Initially Rai Sahib swung between the company of management (they were aware of his influential family therefore respectful to him) and us engineers. Since he had amiable nature and easy accessibility, he was quickly co-opted as our own. We used to have a drinking binge once every month sometimes in a fortnight in our mess. Some of the characters in our group were hard drinkers who could never be satisfied until dropped dead and carried to their rooms. It used to be funny as we will have our cook, a Bengali bloke, cook elaborate meal for us but we hardly touched the food. We always promised ourselves, no more hard drinking, we will eat the damn food this time but as the evening progressed this guy Ajit Bijapurkar(a Marathi guy who spoke flawless Bangla being a resident of this part and nearby Bengal for ages) would borrow a bike and another guy Umakant Basing (an Assamese) on pillion speed away to nearby market hub at Ranchi Road station, knock at some known seedy joint at 11 PM in the evening, get some whiskey at high premium and return. I also went pillion riding on a couple of occasions.      

So, we invited Rai Sahib to one of those binge parties, unaware of his alcoholic affliction. It was a bad idea to invite Rai Sahib to our party. It opened the floodgates. Rai Sahib was provided bachelor’s accommodation in the Guest House adjacent to our rooms (quarters as a Bihari would call), every Saturday or on the eve of holidays he would leave for Hazaribagh and come back on Monday. Once he became pally with us, he would get hold of one of us, remove from under his belt the ‘addhaa’ or ‘pavvaa’ tucked in there. He would not care if it was afternoon or the middle of the morning, get hold of a glass pour little whiskey in it and drink the rest from the bottle himself. Soon we began to avoid him but being a boss and fine gentleman otherwise, it was difficult to avoid him. Anyway, the guy was smart enough to find out when our party is (which invariable was on Saturday or a holiday eve, began to skip visit to home at Hazaribagh where his harassed wife lived. I don’t remember if he had any children, if he had they perhaps lived at some boarding school or at one of his brothers was taking care of them. I don’t remember seeing them at Hazaribagh.
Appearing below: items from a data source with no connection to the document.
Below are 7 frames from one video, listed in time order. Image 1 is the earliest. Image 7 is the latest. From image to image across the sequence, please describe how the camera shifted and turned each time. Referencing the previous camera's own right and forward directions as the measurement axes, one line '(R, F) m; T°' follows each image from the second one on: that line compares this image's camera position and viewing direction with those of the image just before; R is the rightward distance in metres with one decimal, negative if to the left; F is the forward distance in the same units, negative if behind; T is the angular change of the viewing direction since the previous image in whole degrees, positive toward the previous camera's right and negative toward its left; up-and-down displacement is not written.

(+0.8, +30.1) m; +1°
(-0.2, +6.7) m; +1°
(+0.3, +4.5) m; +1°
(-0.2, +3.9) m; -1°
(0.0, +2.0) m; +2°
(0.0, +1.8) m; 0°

It was Diwali perhaps or may be Puja (Durga Puja, just Puja in those parts) which is a big deal in Bihar just like Bengal, and brings in a connected 3-4 days of holidays. He forced upon us an invitation to visit him at Hazaribagh, stay put overnight. We dutifully arrived at his residence in the evening hoping to be firm and in control in deference to his wife whom we had  already met on a few occasions in the past. A la carte was laid out on the table, Mrs. Rai happy to see us but apprehensive of her husband turning the occasion into a disaster.

To cut a long story short, our firm resolve could not withstand the hurricane that was Rai sahib. In the end we slumped where ever we could find a place without touching the food. Next morning, very embarrassed and sorry for our behavior we fled from that home without taking breakfast for which a composed Mrs. Rai beseeched us.

I think within a couple of years, Rai Sahib left our company too, to join some contractor. I too moved away from Ramgarh.